WHAT YOU HAVE TO DO >> A word-for-word copy of the listing is required, and it must contain no pictures.

DATA EXCERPTS >>
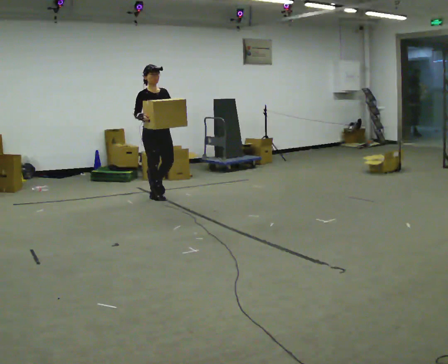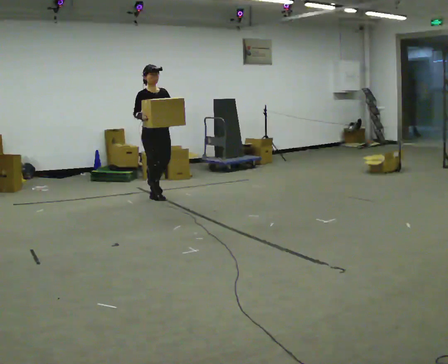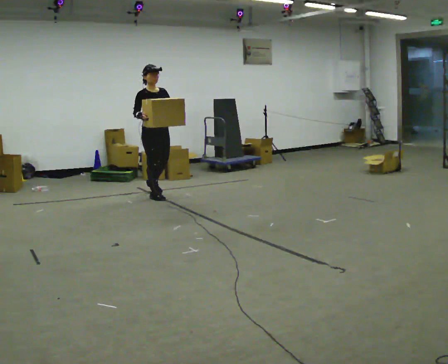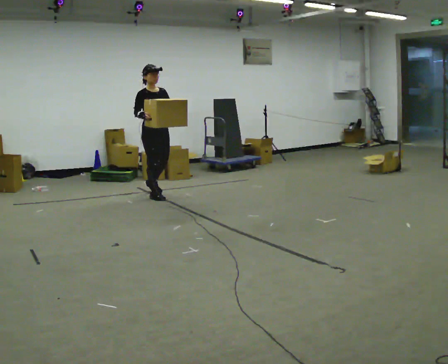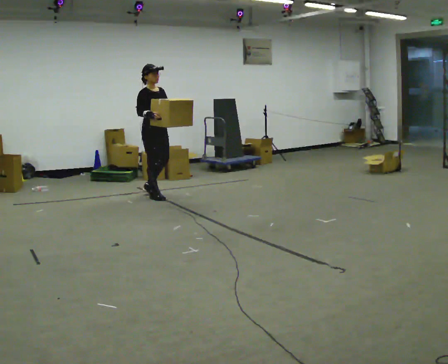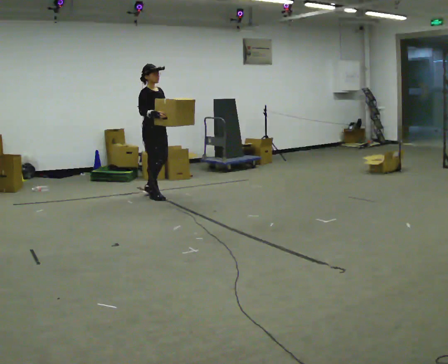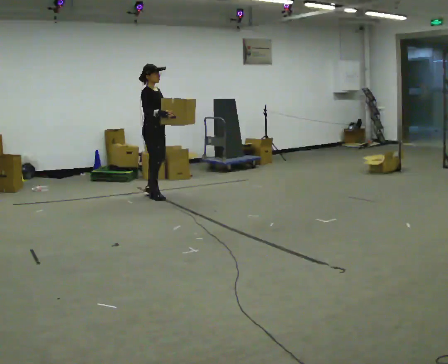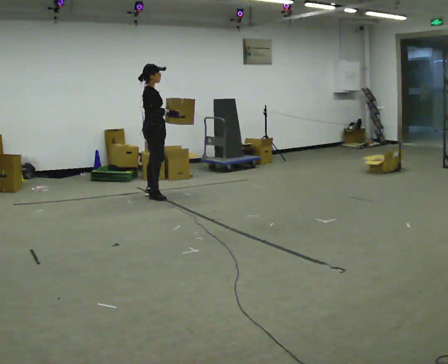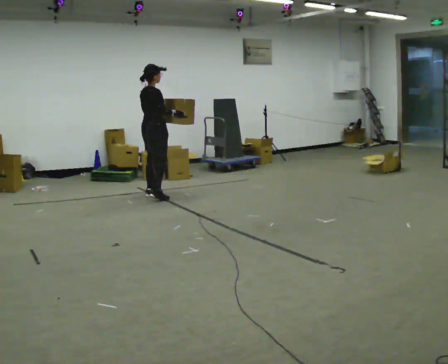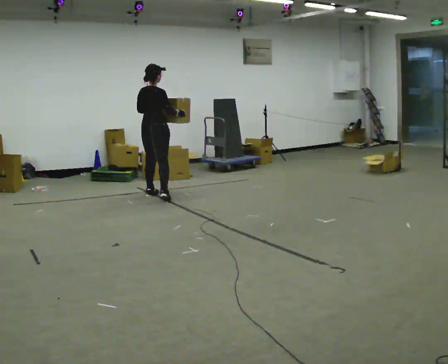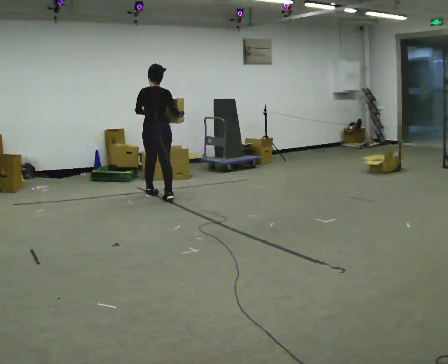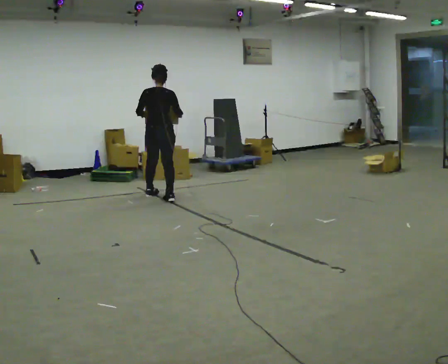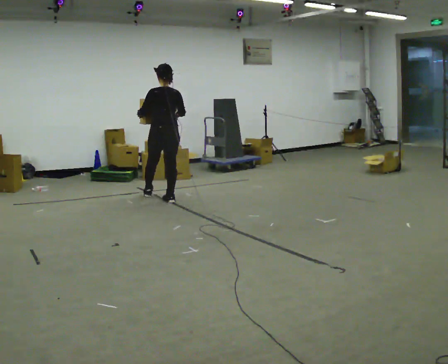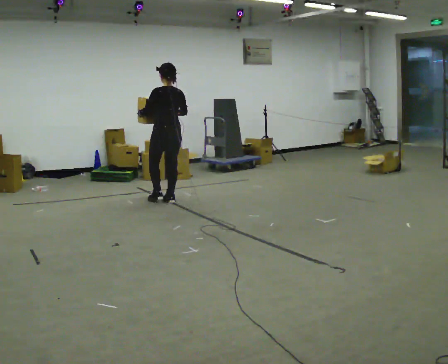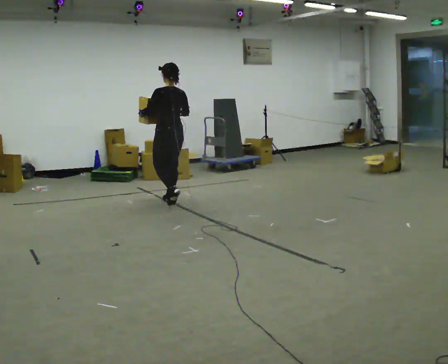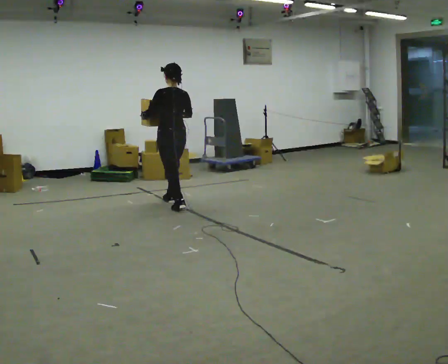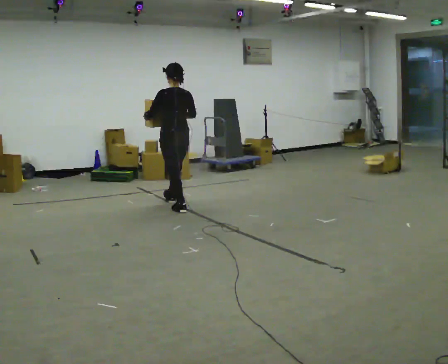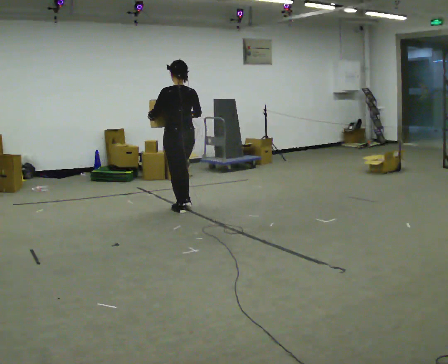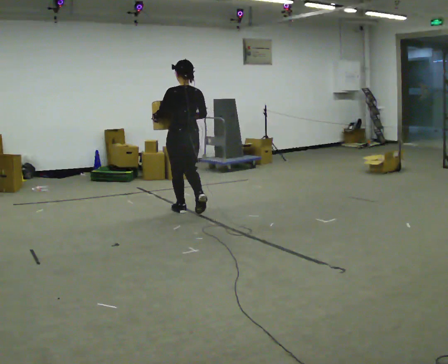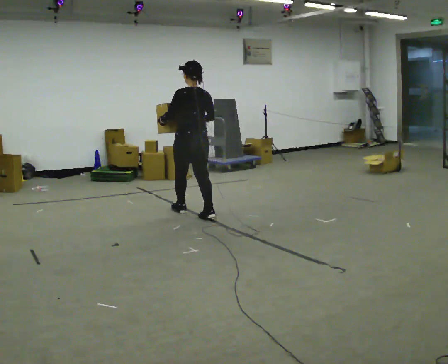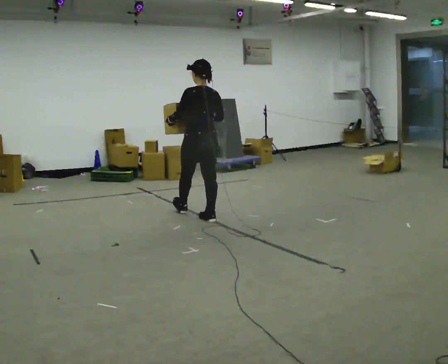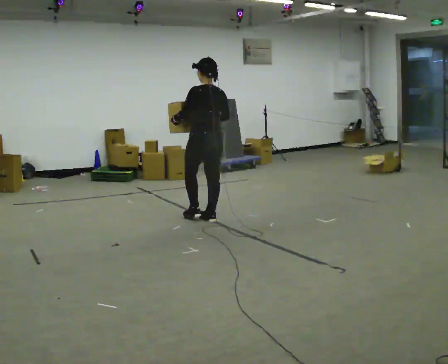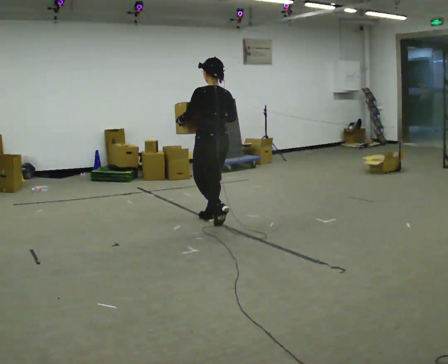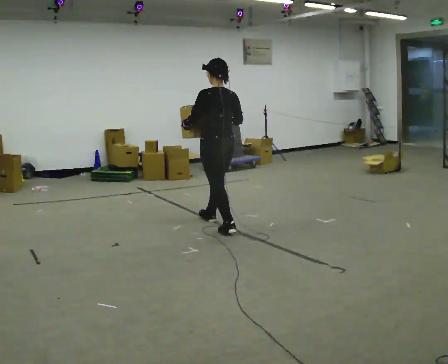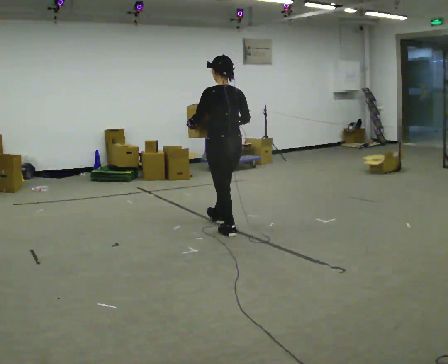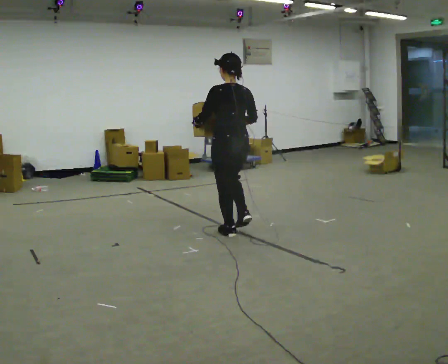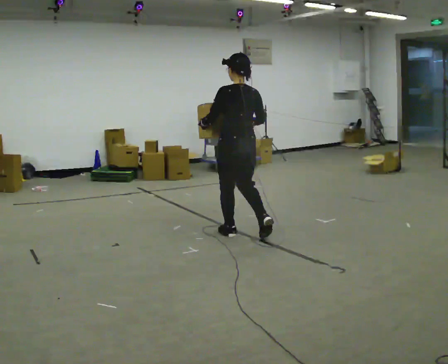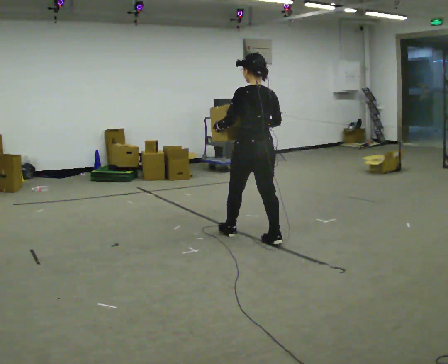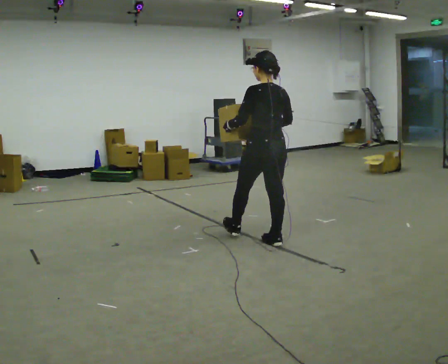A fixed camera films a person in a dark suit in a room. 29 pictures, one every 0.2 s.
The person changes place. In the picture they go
toward the camera.
0.0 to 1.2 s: The part of the body nearest the lens slides to the right as the person turns to their left by about 30 degrees. In the picture they go away from the camera, about 0.25 m in 1 step, which for them is backward.
1.2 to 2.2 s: The person turns about 105 degrees to their left, counterclockwise seen from above, so the part of the body nearest the lens slides to the right.
2.2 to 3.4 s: The person turns about 30 degrees to their left, counterclockwise seen from above, so the part of the body nearest the lens slides to the right. In the picture they go toward the camera and to the right, about 0.75 m in 2 steps, which for them is backward.
3.4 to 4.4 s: In the picture they go toward the camera and to the right, about 0.5 m in 1 step, which for them is backward.
4.4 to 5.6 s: In the picture they go toward the camera and to the right, about 1 m in 1 step, which for them is backward.
The film runs backward here.

TASK SOLUTION >>
A fixed camera films a person in a dark suit in a room. 29 pictures, one every 0.2 s.
The person changes place. In the picture they go
toward the camera.
0.0 to 1.2 s: The part of the body nearest the lens slides to the right as the person turns to their left by about 30 degrees. In the picture they go away from the camera, about 0.25 m in 1 step, which for them is backward.
1.2 to 2.2 s: The person turns about 105 degrees to their left, counterclockwise seen from above, so the part of the body nearest the lens slides to the right.
2.2 to 3.4 s: The person turns about 30 degrees to their left, counterclockwise seen from above, so the part of the body nearest the lens slides to the right. In the picture they go toward the camera and to the right, about 0.75 m in 2 steps, which for them is backward.
3.4 to 4.4 s: In the picture they go toward the camera and to the right, about 0.5 m in 1 step, which for them is backward.
4.4 to 5.6 s: In the picture they go toward the camera and to the right, about 1 m in 1 step, which for them is backward.
The film runs backward here.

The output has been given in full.